Successful vaccination against measles in childhood should provide lifetime protection. Paul Hennessy/NurPhoto via Getty Images
Matthew Ferrari, Pennsylvania State University
The measles virus has been a part of human life for thousands of years. A recent study suggests that it appeared about 4,000 years ago, originating from a virus affecting livestock. That was also the time when cities were reaching population sizes above 250,000 – enough to keep the virus spreading even though people who have had measles don’t ever get it again.
As recently as the mid-20th century, before the development of a vaccine, nearly every person could expect to be infected with the measles virus in their lifetime. The introduction of a vaccine in the mid-1960s has dramatically cut the incidence of measles. Fewer than seven million cases were estimated in 2017. But those improvements have not been evenly spread. The incidence of measles is concentrated in low-income countries. And the risk of death or severe complications is disproportionately high in marginalised populations with poor access to health services.
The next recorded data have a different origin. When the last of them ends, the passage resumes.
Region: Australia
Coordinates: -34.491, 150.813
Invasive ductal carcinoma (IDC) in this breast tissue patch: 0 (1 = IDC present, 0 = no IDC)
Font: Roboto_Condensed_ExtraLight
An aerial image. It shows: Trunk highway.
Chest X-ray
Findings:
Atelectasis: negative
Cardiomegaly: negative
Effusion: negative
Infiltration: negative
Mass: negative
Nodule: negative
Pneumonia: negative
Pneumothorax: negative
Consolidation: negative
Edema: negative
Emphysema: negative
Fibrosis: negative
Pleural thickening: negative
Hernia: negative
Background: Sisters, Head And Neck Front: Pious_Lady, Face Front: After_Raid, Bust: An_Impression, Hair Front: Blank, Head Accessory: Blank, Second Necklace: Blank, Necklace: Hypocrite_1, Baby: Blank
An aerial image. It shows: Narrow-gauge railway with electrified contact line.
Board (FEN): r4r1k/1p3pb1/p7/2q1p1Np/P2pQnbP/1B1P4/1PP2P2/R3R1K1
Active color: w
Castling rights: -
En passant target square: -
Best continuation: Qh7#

The risk of mortality due to measles infection is 5-times higher in low- compared to high-income countries and can be greater than 10% when outbreaks overwhelm health systems. There were over 1,000 measles deaths in Madagascar in 2019 and there have been over 6,000 deaths so far in an outbreak in the Democratic Republic of Congo (DRC). The long-term effects of these outbreaks on immunity to other diseases has yet to be seen, and may be substantial.
Read more: Outbreaks of measles: compounding challenges in the DRC
Measles is very easily transmitted from person to person in the droplets created when an infected person coughs or sneezes. These droplets can stay in the air for hours.
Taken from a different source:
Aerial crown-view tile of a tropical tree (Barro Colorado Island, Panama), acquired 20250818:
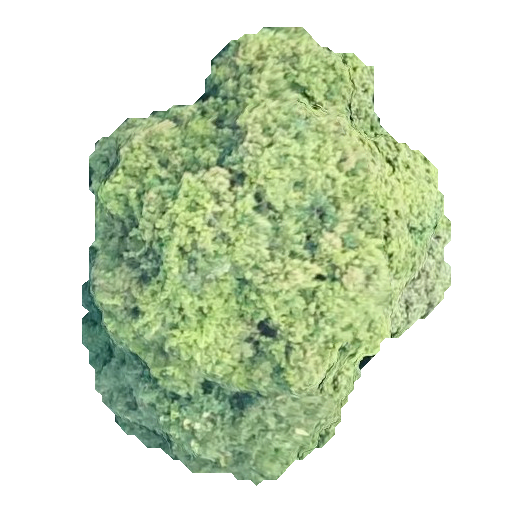
Species: Prioria copaifera
GBIF accepted scientific name: Prioria copaifera
Crown area: 167.747 m²

The disease often begins with a runny nose, runny eyes and a cough, followed by a rash. The virus infects cells throughout the body, but specifically kills cells of the immune system which the body uses to fight infection. This makes it harder to fight off common infections that cause pneumonia or diarrhoea. During and just after measles infection, individuals are more likely to get very ill or even die from secondary infections that would otherwise be relatively harmless.
Recent research has uncovered a new mechanism suggesting that this effect may persist for over a year. This new research suggests that measles infection not only weakens the immune system, but in some cases resets it. It can make people susceptible again to infections they were previously immune to. In rare cases, measles infection can lead to neurological complications that result in deafness or blindness.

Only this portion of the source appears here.